Kendini kontrol etmeye yönelik sorular

Bir birey bir kişilikten nasıl farklıdır?

Kişilik oluşumu sürecini hangi yönler içerir?

Kişilik oluşumuna heterokronik ve homokronik bir yaklaşım ne anlama geliyor?

Kişiliğin ve toplumun bozulması nedir?

J. Mead'e göre kişilik oluşumu süreci hangi aşamaları içerir?

C. Cooley'e göre kişilik yapısı nasıldır?

3. Freud sosyal davranışı nasıl açıkladı?

Kişilik oluşumunun sosyal mekanizmaları nelerdir?

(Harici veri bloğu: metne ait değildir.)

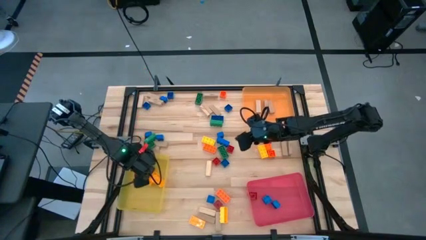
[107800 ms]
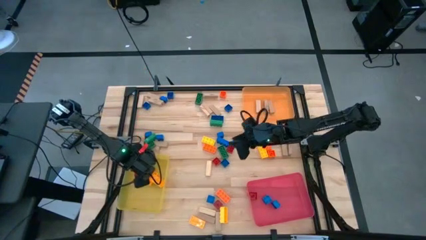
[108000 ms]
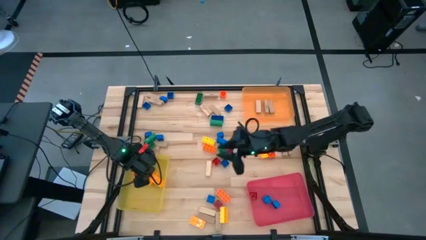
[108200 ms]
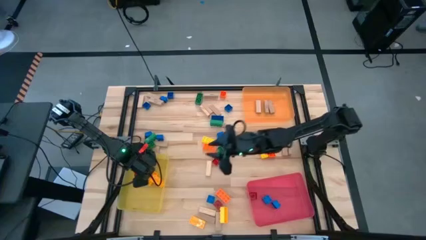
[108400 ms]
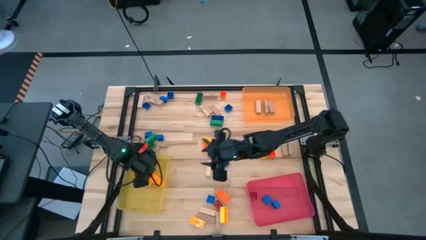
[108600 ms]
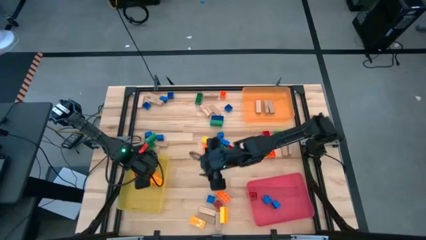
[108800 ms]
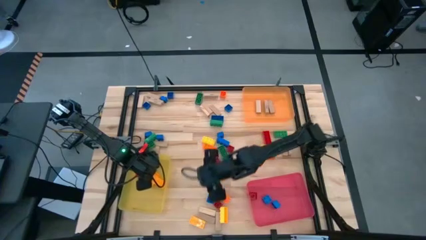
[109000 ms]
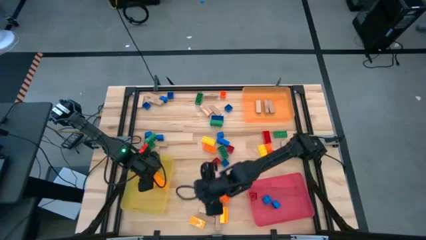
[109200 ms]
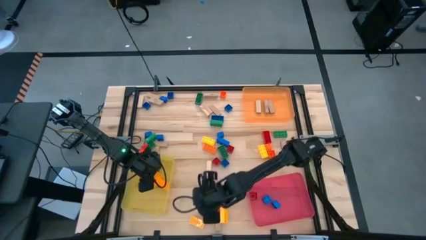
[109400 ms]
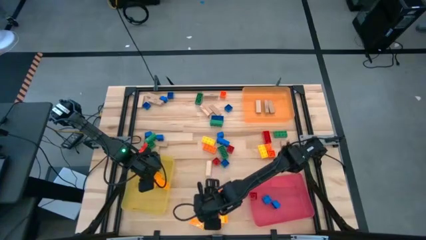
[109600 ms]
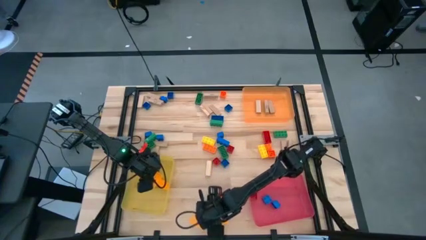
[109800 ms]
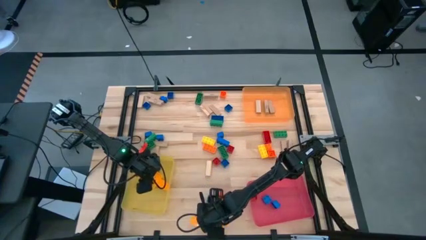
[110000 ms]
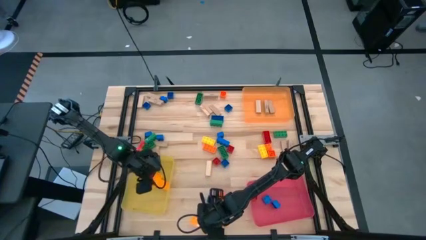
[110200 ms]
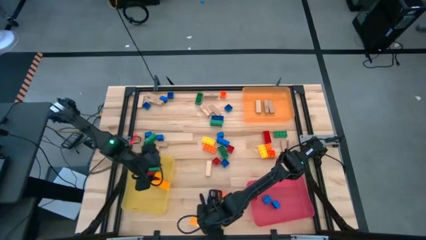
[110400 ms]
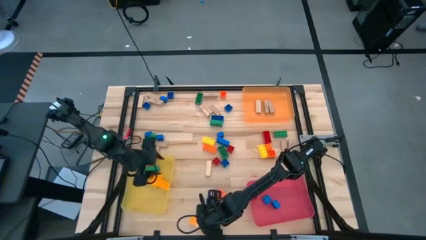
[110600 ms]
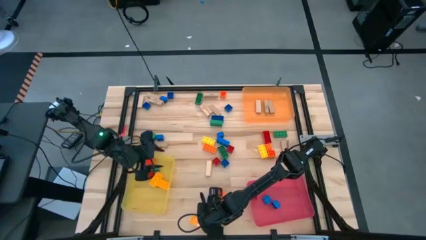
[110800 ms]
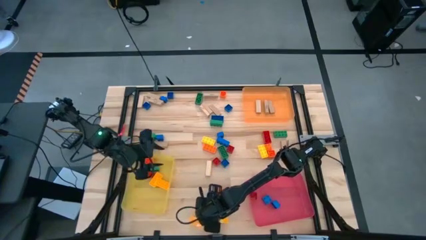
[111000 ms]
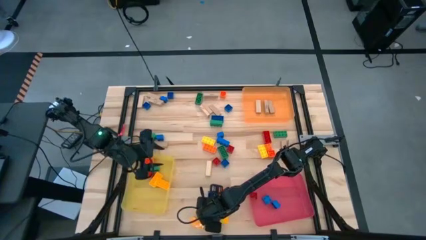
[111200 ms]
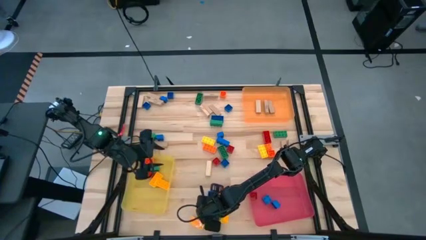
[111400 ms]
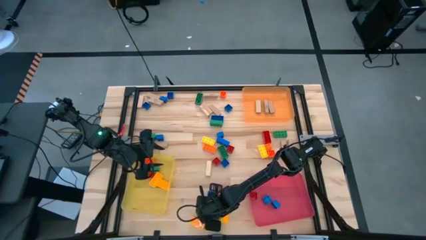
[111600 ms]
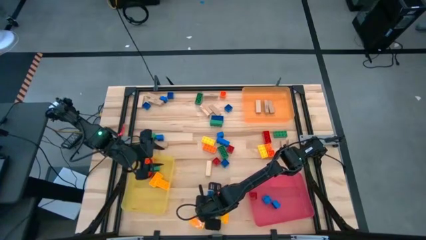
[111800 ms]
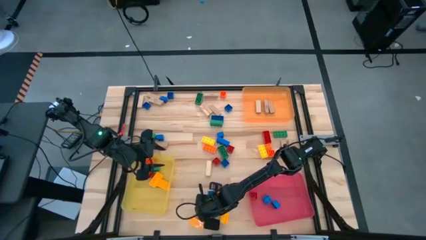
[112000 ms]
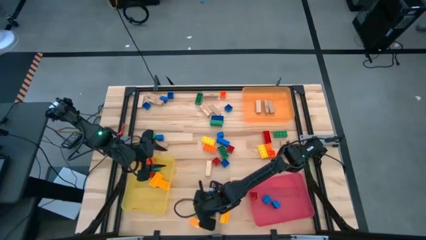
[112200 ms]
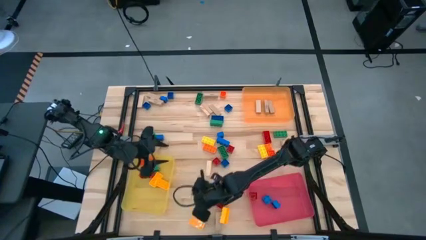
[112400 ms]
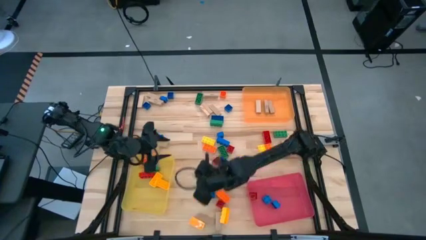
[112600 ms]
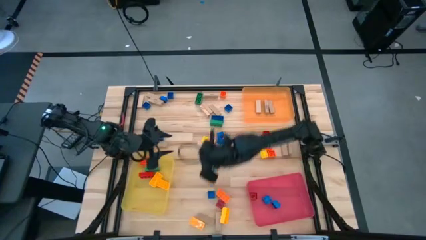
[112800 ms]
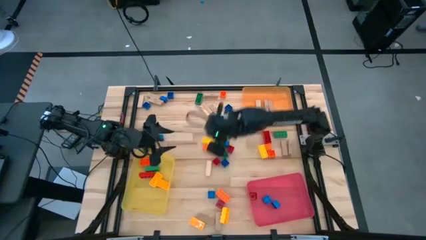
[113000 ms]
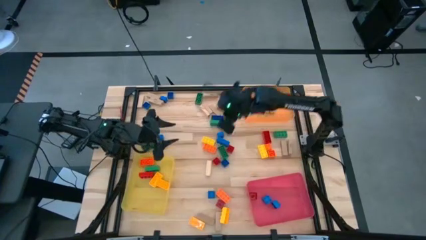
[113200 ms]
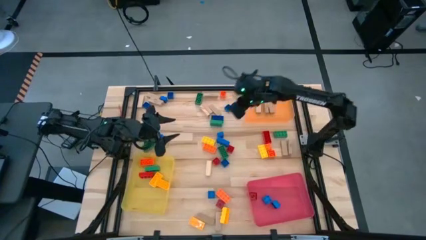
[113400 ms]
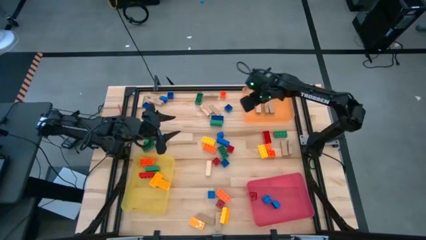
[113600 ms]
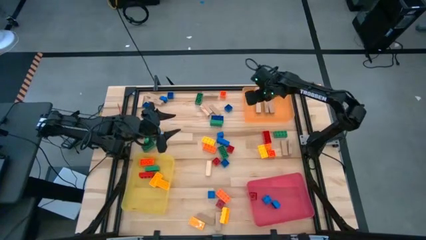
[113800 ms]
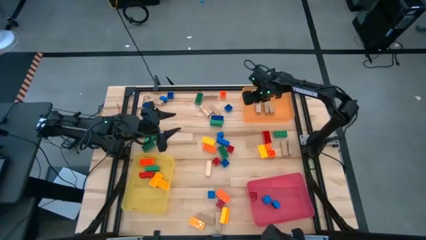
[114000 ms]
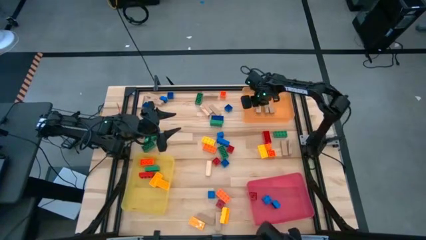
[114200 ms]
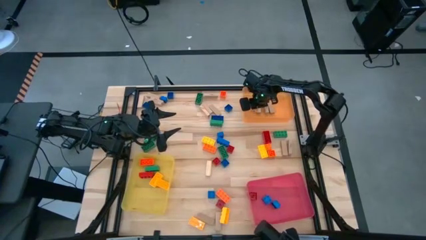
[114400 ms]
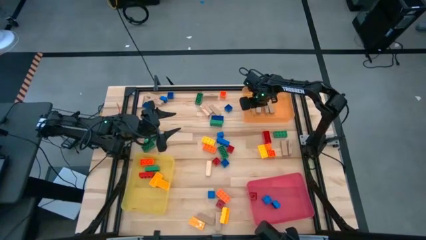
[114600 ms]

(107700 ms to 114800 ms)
Put the brown block into the orange bin

Kişilik sosyalleşmesi nedir?

Sosyalleşmenin oluşumdan farkı nedir?

Birincil ve ikincil sosyalleşme nedir?

Sosyalleşme sürecini hangi faktörler (farklılıklar) etkiler?

Sosyalleşmenin ana yollarını listeleyin ve bunları açıklayın.

Sosyal statü nedir? Hangi durumları biliyorsunuz?

Sosyal rolü tanımlayın.

Bireyin sosyal davranışı nasıl ve neden düzenlenir?

Sosyalleşme kurumlarını listeleyin ve karakterize edin.

Toplumsal protesto nasıl ortaya çıkıyor?

Başarısız sosyalleşme nedir?

Edebiyat

Kon I. Kendini aramak: kişilik ve öz farkındalık. M., 1984.

Monson P. Modern Batı Sosyolojisi. St. Petersburg, 1992, s. 31–106.

Smelser N. Sosyoloji. M., 1994. s. 94–130.

Modern Batı sosyolojisi. Sözlük. M., 1990. S. 162, 316,367–368, 380–383.

Sorokin P. A. Genel sosyoloji // İnsan, medeniyet, toplum. M., 1992. s. 32–60.

Sosyoloji / Bilg. I. L. Yakovlev. St. Petersburg, 1993, s. 19–48.

İnsan ve toplum: Okuyucu. M., 1992. s. 142–154.

Shibtstani T. Sosyal psikoloji. M., 1969. s. 341–342.